Заведомо уважительное обращение Беннигсена разительно отличалось от простого русского «ты», которое бросали при разговоре Суворов и Кутузов, и эта прусская вежливость пришлась не по нутру капитану. К тому же тихий голос генерала заставлял прислушиваться, а упустить помимо наград еще и какое-либо слово главнокомандующего Тимирязев позволить себе не мог.
– Никак нет, ваше превосходительство! – отчеканил он, еще более вытянувшись в струну, которой позавидовала бы испанская гитара.
– Сегодня утром казаки Платова поймали троих дезертиров. Суд был коротким, а приговор – безжалостным. Их расстреляли недалеко от места, где и схватили, – Беннигсен замолчал и уставился в писанину, словно забыл, о чем хотел сказать. После чего набожно перекрестился и продолжил. – Расстрел – мера крайняя, но вынужденная. Казнить приходится ежедневно, и все едино каждый день полки не досчитываются людей. Нынче вечером мы потеряли сбежавшими еще дюжину солдат, а всего за последнюю неделю – сто четыре. Сто, капитан, четыре! – медленно повторил он, давая возможность Тимирязеву прочувствовать всю сложность ситуации. – Моральный дух войска низок как никогда. Мы находимся в чужой стране, Бонапарт преследует нас по пятам, еще и солдаты разбегаются, как вши от гребня. Помощи из России ждать не приходится, а его величество, словно в насмешку, присылает полуэскадрон драгун.
Слышать подобный эпитет в адрес родного полка было неприятно, но Тимирязев молчал, лишь небритый подбородок задрался еще выше.
– Награды его величества за ад Пултуска могли бы поднять дух войска, капитан.
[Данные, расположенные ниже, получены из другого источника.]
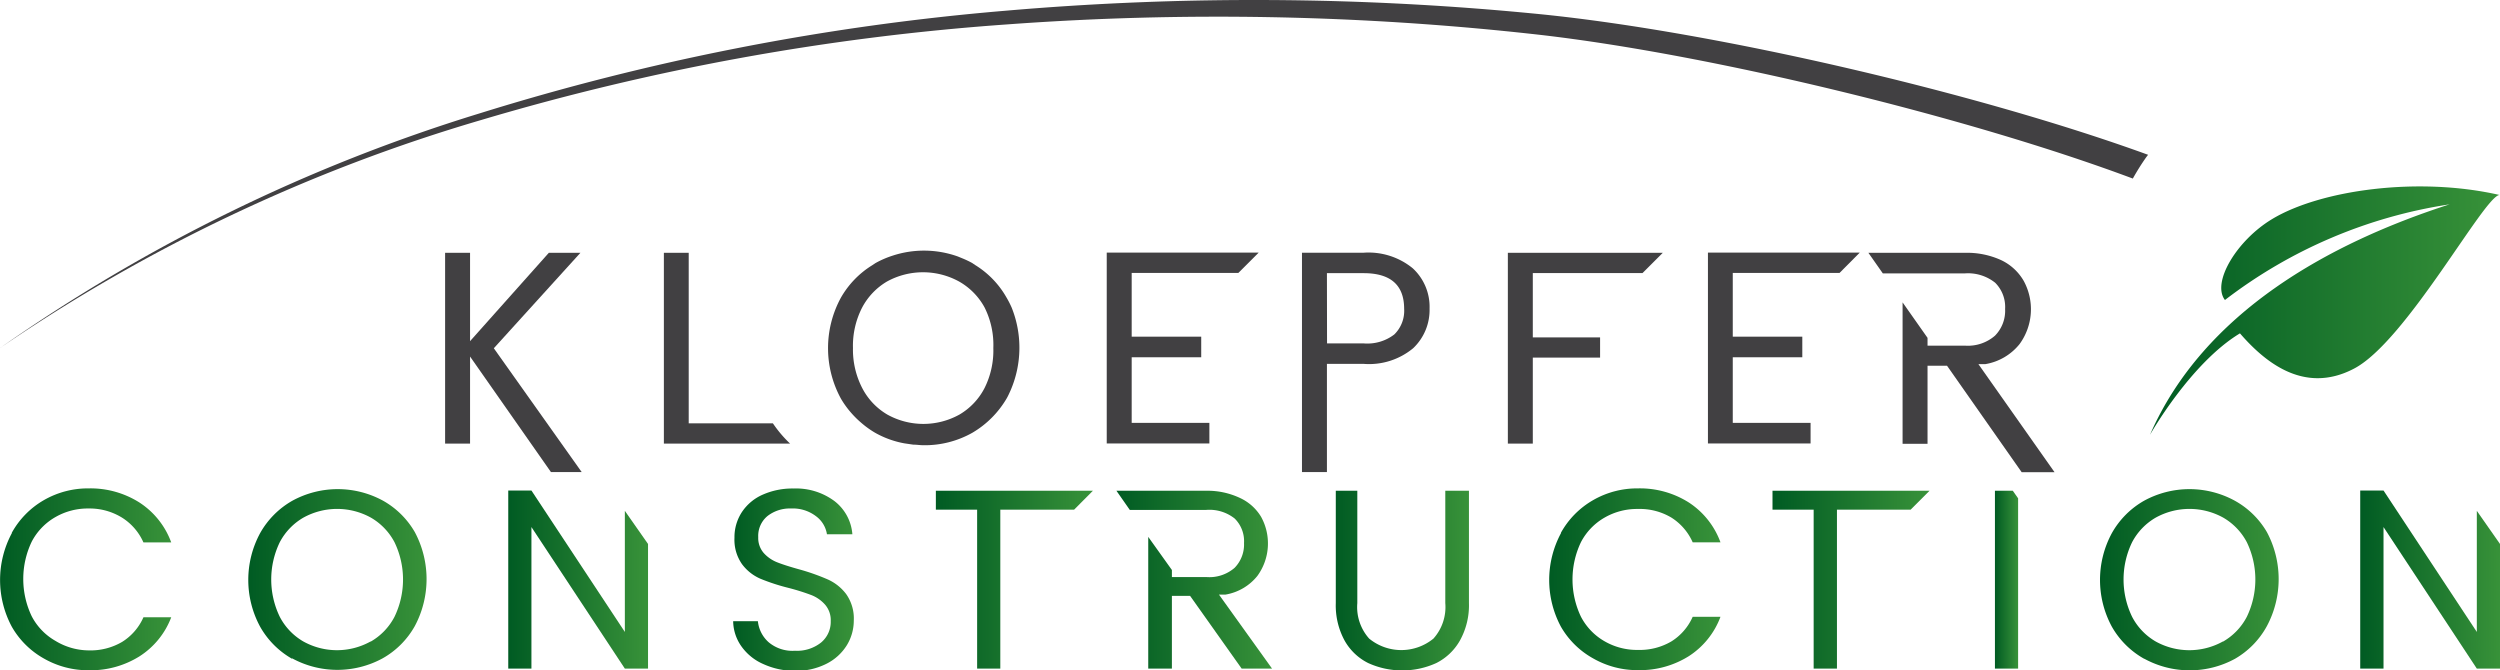 <svg xmlns="http://www.w3.org/2000/svg" xmlns:xlink="http://www.w3.org/1999/xlink" viewBox="0 0 211.41 56.69"><defs><linearGradient id="D&#xE9;grad&#xE9;_sans_nom_4" y1="48.99" x2="14.48" y2="48.99" gradientUnits="userSpaceOnUse"><stop offset="0" stop-color="#005b23"></stop><stop offset="1" stop-color="#389239"></stop></linearGradient><linearGradient id="D&#xE9;grad&#xE9;_sans_nom_4-2" x1="20.97" y1="49.01" x2="36.07" y2="49.01" xlink:href="#D&#xE9;grad&#xE9;_sans_nom_4"></linearGradient><linearGradient id="D&#xE9;grad&#xE9;_sans_nom_4-3" x1="62.03" y1="49" x2="72.23" y2="49" xlink:href="#D&#xE9;grad&#xE9;_sans_nom_4"></linearGradient><linearGradient id="D&#xE9;grad&#xE9;_sans_nom_4-4" x1="112.82" y1="49.1" x2="124.14" y2="49.1" xlink:href="#D&#xE9;grad&#xE9;_sans_nom_4"></linearGradient><linearGradient id="D&#xE9;grad&#xE9;_sans_nom_4-5" x1="131" y1="48.99" x2="145.48" y2="48.99" xlink:href="#D&#xE9;grad&#xE9;_sans_nom_4"></linearGradient><linearGradient id="D&#xE9;grad&#xE9;_sans_nom_4-6" x1="177.58" y1="49.01" x2="192.69" y2="49.01" xlink:href="#D&#xE9;grad&#xE9;_sans_nom_4"></linearGradient><linearGradient id="D&#xE9;grad&#xE9;_sans_nom_4-7" x1="79.15" y1="49.02" x2="92.42" y2="49.02" xlink:href="#D&#xE9;grad&#xE9;_sans_nom_4"></linearGradient><linearGradient id="D&#xE9;grad&#xE9;_sans_nom_4-8" x1="149.89" y1="49.02" x2="163.17" y2="49.02" xlink:href="#D&#xE9;grad&#xE9;_sans_nom_4"></linearGradient><linearGradient id="D&#xE9;grad&#xE9;_sans_nom_4-9" x1="94.41" y1="49.02" x2="107.52" y2="49.02" xlink:href="#D&#xE9;grad&#xE9;_sans_nom_4"></linearGradient><linearGradient id="D&#xE9;grad&#xE9;_sans_nom_4-10" x1="42.98" y1="49.01" x2="54.8" y2="49.01" xlink:href="#D&#xE9;grad&#xE9;_sans_nom_4"></linearGradient><linearGradient id="D&#xE9;grad&#xE9;_sans_nom_4-11" x1="199.59" y1="49.01" x2="211.41" y2="49.01" xlink:href="#D&#xE9;grad&#xE9;_sans_nom_4"></linearGradient><linearGradient id="D&#xE9;grad&#xE9;_sans_nom_4-12" x1="168.7" y1="49.02" x2="170.66" y2="49.02" xlink:href="#D&#xE9;grad&#xE9;_sans_nom_4"></linearGradient><linearGradient id="D&#xE9;grad&#xE9;_sans_nom_4-13" x1="181.85" y1="26.27" x2="211.41" y2="26.27" xlink:href="#D&#xE9;grad&#xE9;_sans_nom_4"></linearGradient></defs><title>kc off3</title><g id="Calque_2" data-name="Calque 2"><g id="Calque_1-2" data-name="Calque 1"><polygon points="127.51 37.51 129.62 37.51 129.62 30.24 135.31 30.24 135.31 28.53 129.62 28.53 129.62 23.09 138.9 23.09 140.61 21.38 127.51 21.38 127.51 37.51" style="fill:#414042"></polygon><path d="M58.24,35.8V21.38H56.14V37.51H66.81a10.26,10.26,0,0,1-1.45-1.71Z" style="fill:#414042"></path><path d="M85.12,25.17a7.65,7.65,0,0,0-2.66-2.76l-.25-.17a8,8,0,0,0-.82-.39L81,21.69a8.5,8.5,0,0,0-5.52-.07,7.93,7.93,0,0,0-1.45.63l-.27.18a7.71,7.71,0,0,0-2.66,2.76,8.92,8.92,0,0,0,0,8.5l0,0a7.72,7.72,0,0,0,.74,1.06l.12.14a8,8,0,0,0,.89.88,7.75,7.75,0,0,0,1.16.83,7.92,7.92,0,0,0,2.46.89l.75.11c.29,0,.58.05.88.05a8.18,8.18,0,0,0,4.12-1.05,8.13,8.13,0,0,0,2.92-2.93c.12-.21.22-.44.32-.66a9.11,9.11,0,0,0,.09-7A7.86,7.86,0,0,0,85.12,25.17Zm-1.86,7.64a5.54,5.54,0,0,1-2.13,2.25,6.28,6.28,0,0,1-6.09,0,5.54,5.54,0,0,1-2.13-2.25,7.09,7.09,0,0,1-.78-3.38A7.07,7.07,0,0,1,72.91,26,5.59,5.59,0,0,1,75,23.81a6.33,6.33,0,0,1,6.11,0A5.59,5.59,0,0,1,83.26,26,7.07,7.07,0,0,1,84,29.43,7.09,7.09,0,0,1,83.26,32.81Z" style="fill:#414042"></path><path d="M110.1,32.1v7.82h2.11V30.77h3.1a5.84,5.84,0,0,0,4.2-1.33,4.46,4.46,0,0,0,1.38-3.35,4.43,4.43,0,0,0-1.42-3.4,5.9,5.9,0,0,0-4.15-1.32H110.1v4.82h0V32.1Zm2.11-9h3.1q3.42,0,3.43,3a2.8,2.8,0,0,1-.83,2.18,3.74,3.74,0,0,1-2.59.76h-3.1Z" style="fill:#414042"></path><polygon points="104.72 23.08 106.44 21.36 93.59 21.36 93.59 37.5 102.27 37.5 102.27 35.76 95.7 35.76 95.7 30.21 101.58 30.21 101.58 28.47 95.7 28.47 95.7 23.08 104.72 23.08" style="fill:#414042"></polygon><polygon points="49.19 39.92 41.76 29.45 49.08 21.38 46.41 21.38 39.75 28.85 39.75 21.38 37.64 21.38 37.64 37.51 39.75 37.51 39.75 30.15 46.59 39.92 49.19 39.92" style="fill:#414042"></polygon><polygon points="155.56 23.08 157.27 21.36 144.43 21.36 144.43 37.5 153.11 37.5 153.11 35.76 146.53 35.76 146.53 30.21 152.41 30.21 152.41 28.47 146.53 28.47 146.53 23.08 155.56 23.08" style="fill:#414042"></polygon><path d="M167.3,30.79l.6,0a4.7,4.7,0,0,0,2.88-1.69,5,5,0,0,0,.34-5.37A4.35,4.35,0,0,0,169.23,22a6.92,6.92,0,0,0-3.09-.62H158l1.22,1.74h6.92a3.68,3.68,0,0,1,2.58.79,2.89,2.89,0,0,1,.84,2.22,3,3,0,0,1-.86,2.26,3.5,3.5,0,0,1-2.53.84H163v-.66l-2.11-3v3.67h0v8.29H163v-6.6h1.65l6.31,9h2.78Z" style="fill:#414042"></path><path d="M1,45.05A7.2,7.2,0,0,1,3.7,42.3a7.47,7.47,0,0,1,3.81-1A7.73,7.73,0,0,1,11.8,42.5a6.81,6.81,0,0,1,2.68,3.37H12.13a4.73,4.73,0,0,0-1.8-2.09A5.21,5.21,0,0,0,7.51,43a5.49,5.49,0,0,0-2.83.73,5.12,5.12,0,0,0-2,2.08,7.32,7.32,0,0,0,0,6.3,5.12,5.12,0,0,0,2,2.08A5.48,5.48,0,0,0,7.51,55a5.27,5.27,0,0,0,2.82-.72,4.66,4.66,0,0,0,1.8-2.08h2.35A6.76,6.76,0,0,1,11.8,55.5a7.78,7.78,0,0,1-4.29,1.18,7.53,7.53,0,0,1-3.81-1A7.14,7.14,0,0,1,1,53a8.37,8.37,0,0,1,0-7.91Z" style="fill:url(#D&#xE9;grad&#xE9;_sans_nom_4)"></path><path d="M24.7,55.71A7.18,7.18,0,0,1,22,53a8.31,8.31,0,0,1,0-7.92,7.19,7.19,0,0,1,2.73-2.74,8,8,0,0,1,7.66,0A7.14,7.14,0,0,1,35.08,45a8.44,8.44,0,0,1,0,7.94,7.13,7.13,0,0,1-2.72,2.73,8,8,0,0,1-7.66,0Zm6.66-1.46a5.17,5.17,0,0,0,2-2.09,7.26,7.26,0,0,0,0-6.31,5.2,5.2,0,0,0-2-2.08,5.9,5.9,0,0,0-5.7,0,5.2,5.2,0,0,0-2,2.08,7.24,7.24,0,0,0,0,6.31,5.16,5.16,0,0,0,2,2.09,5.85,5.85,0,0,0,5.67,0Z" style="fill:url(#D&#xE9;grad&#xE9;_sans_nom_4-2)"></path><path d="M64.56,56.16a4.42,4.42,0,0,1-1.84-1.47A3.75,3.75,0,0,1,62,52.53h2.09A2.75,2.75,0,0,0,65,54.31a3.13,3.13,0,0,0,2.23.72,3.26,3.26,0,0,0,2.21-.7,2.27,2.27,0,0,0,.81-1.8,2,2,0,0,0-.48-1.4,3,3,0,0,0-1.19-.82,18.67,18.67,0,0,0-1.92-.6,16.94,16.94,0,0,1-2.38-.78,3.84,3.84,0,0,1-1.53-1.22,3.58,3.58,0,0,1-.64-2.23,3.87,3.87,0,0,1,.63-2.18,4.07,4.07,0,0,1,1.76-1.47,6.2,6.2,0,0,1,2.6-.52,5.45,5.45,0,0,1,3.46,1.06,3.91,3.91,0,0,1,1.52,2.81H69.93A2.33,2.33,0,0,0,69,43.65,3.22,3.22,0,0,0,66.9,43a3.07,3.07,0,0,0-2,.64,2.17,2.17,0,0,0-.78,1.78,1.93,1.93,0,0,0,.46,1.34,3,3,0,0,0,1.14.79q.68.27,1.91.61A18,18,0,0,1,70,49a4,4,0,0,1,1.55,1.23,3.58,3.58,0,0,1,.65,2.25,4,4,0,0,1-.58,2.07,4.28,4.28,0,0,1-1.73,1.58,5.69,5.69,0,0,1-2.7.6A6.42,6.42,0,0,1,64.56,56.16Z" style="fill:url(#D&#xE9;grad&#xE9;_sans_nom_4-3)"></path><path d="M114.78,41.5V51a4,4,0,0,0,1,3,4.29,4.29,0,0,0,5.44,0,4,4,0,0,0,1-3V41.5h2V51a6.14,6.14,0,0,1-.76,3.16,4.74,4.74,0,0,1-2,1.91,6.95,6.95,0,0,1-5.76,0,4.68,4.68,0,0,1-2-1.91,6.21,6.21,0,0,1-.74-3.16V41.5Z" style="fill:url(#D&#xE9;grad&#xE9;_sans_nom_4-4)"></path><path d="M132,45.05a7.2,7.2,0,0,1,2.71-2.75,7.47,7.47,0,0,1,3.81-1,7.73,7.73,0,0,1,4.29,1.19,6.81,6.81,0,0,1,2.68,3.37h-2.35a4.73,4.73,0,0,0-1.8-2.09,5.21,5.21,0,0,0-2.82-.73,5.49,5.49,0,0,0-2.83.73,5.12,5.12,0,0,0-2,2.08,7.32,7.32,0,0,0,0,6.3,5.12,5.12,0,0,0,2,2.08,5.48,5.48,0,0,0,2.83.73,5.27,5.27,0,0,0,2.82-.72,4.66,4.66,0,0,0,1.8-2.08h2.35a6.76,6.76,0,0,1-2.68,3.33,7.78,7.78,0,0,1-4.29,1.18,7.53,7.53,0,0,1-3.81-1A7.14,7.14,0,0,1,132,53a8.37,8.37,0,0,1,0-7.91Z" style="fill:url(#D&#xE9;grad&#xE9;_sans_nom_4-5)"></path><path d="M181.32,55.71A7.18,7.18,0,0,1,178.59,53a8.31,8.31,0,0,1,0-7.92,7.19,7.19,0,0,1,2.73-2.74,8,8,0,0,1,7.66,0A7.14,7.14,0,0,1,191.7,45a8.44,8.44,0,0,1,0,7.94A7.13,7.13,0,0,1,189,55.71a8,8,0,0,1-7.66,0ZM188,54.25a5.17,5.17,0,0,0,2-2.09,7.26,7.26,0,0,0,0-6.31,5.2,5.2,0,0,0-2-2.08,5.9,5.9,0,0,0-5.7,0,5.2,5.2,0,0,0-2,2.08,7.24,7.24,0,0,0,0,6.31,5.16,5.16,0,0,0,2,2.09,5.85,5.85,0,0,0,5.67,0Z" style="fill:url(#D&#xE9;grad&#xE9;_sans_nom_4-6)"></path><polygon points="86.25 41.5 81.11 41.5 79.14 41.5 79.14 42.12 79.14 43.1 82.63 43.1 82.63 56.54 84.59 56.54 84.59 43.1 90.83 43.1 92.42 41.5 86.25 41.5" style="fill:url(#D&#xE9;grad&#xE9;_sans_nom_4-7)"></polygon><polygon points="156.99 41.5 151.85 41.5 149.89 41.5 149.89 42.12 149.89 43.1 153.37 43.1 153.37 56.54 155.34 56.54 155.34 43.1 161.57 43.1 163.17 41.5 156.99 41.5" style="fill:url(#D&#xE9;grad&#xE9;_sans_nom_4-8)"></polygon><path d="M103.08,50.28l.56,0a4.38,4.38,0,0,0,2.69-1.58,4.66,4.66,0,0,0,.31-5,4.06,4.06,0,0,0-1.76-1.58A6.45,6.45,0,0,0,102,41.5H94.41l1.13,1.62H102a3.43,3.43,0,0,1,2.41.73,2.69,2.69,0,0,1,.79,2.07,2.82,2.82,0,0,1-.8,2.1,3.26,3.26,0,0,1-2.36.78H99.1V48.2l-2-2.8V56.54h2V50.39h1.54L105,56.54h2.57Z" style="fill:url(#D&#xE9;grad&#xE9;_sans_nom_4-9)"></path><polygon points="52.84 43.2 52.84 53.44 44.94 41.48 42.98 41.48 42.98 56.54 44.94 56.54 44.94 44.57 52.84 56.54 54.8 56.54 54.8 46 52.84 43.2" style="fill:url(#D&#xE9;grad&#xE9;_sans_nom_4-10)"></polygon><polygon points="209.45 43.2 209.45 53.44 201.56 41.48 199.59 41.48 199.59 56.54 201.56 56.54 201.56 44.57 209.45 56.54 211.41 56.54 211.41 46 209.45 43.2" style="fill:url(#D&#xE9;grad&#xE9;_sans_nom_4-11)"></polygon><polygon points="170.21 41.5 168.7 41.5 168.7 56.54 170.66 56.54 170.66 42.14 170.21 41.5" style="fill:url(#D&#xE9;grad&#xE9;_sans_nom_4-12)"></polygon><path d="M181.49,13.3l.16-.21C167.39,7.9,145.33,2.73,130.35,1.21A244.31,244.31,0,0,0,85,.91,207.7,207.7,0,0,0,40.55,9.59,144.05,144.05,0,0,0,0,29.43,143.76,143.76,0,0,1,40.72,10.14,206.84,206.84,0,0,1,85.09,2.07a242.87,242.87,0,0,1,45.08.87c14.67,1.68,36.41,7,50.19,12.16A20.22,20.22,0,0,1,181.49,13.3Z" style="fill:#414042"></path><path d="M192.15,18.52c-3,1.8-5.14,5.37-4,6.85a41.35,41.35,0,0,1,19-8.09c-10.09,3.25-20.8,9.08-25.34,19.49,0,0,3.43-6.06,7.61-8.58,2,2.3,5.34,5.22,9.61,3,4.43-2.26,11.1-14.72,12.35-14.7C204.5,14.91,196.24,16.06,192.15,18.52Z" style="fill:url(#D&#xE9;grad&#xE9;_sans_nom_4-13)"></path></g></g></svg>

Ничто так не бодрит, как заботливое внимание императора.
Тимирязев понял, что генерал приступил к главному.
– Вам, капитан, была оказана высшая милость и доверена важная миссия, целью которой являлось сохранение армии.
Беннигсен суровым взглядом окинул стоявшего перед ним драгуна. Это был высокий, широкоплечий солдат, чьи виски уже посеребрила седина, а лицо украшали пышные кавалерийские усы и шрам на переносице. Мятые лосиные панталоны и черный платок на шее указывали на неопрятность офицера, но, насколько генерал слышал о Тимирязеве, они были свидетельством того, что капитан в первую очередь заботится о солдатах, и только потом думает о себе.
– Я знаю о ваших подвигах, капитан, – вежливость пруссака начинала раздражать, но Тимирязеву оставалось только кивнуть в знак признательности. – Рымник, Измаил, Прага. Вам доверял сам Суворов, и император поступил так же. Но вы не оправдали его ожиданий. Более того, вы погубили армию.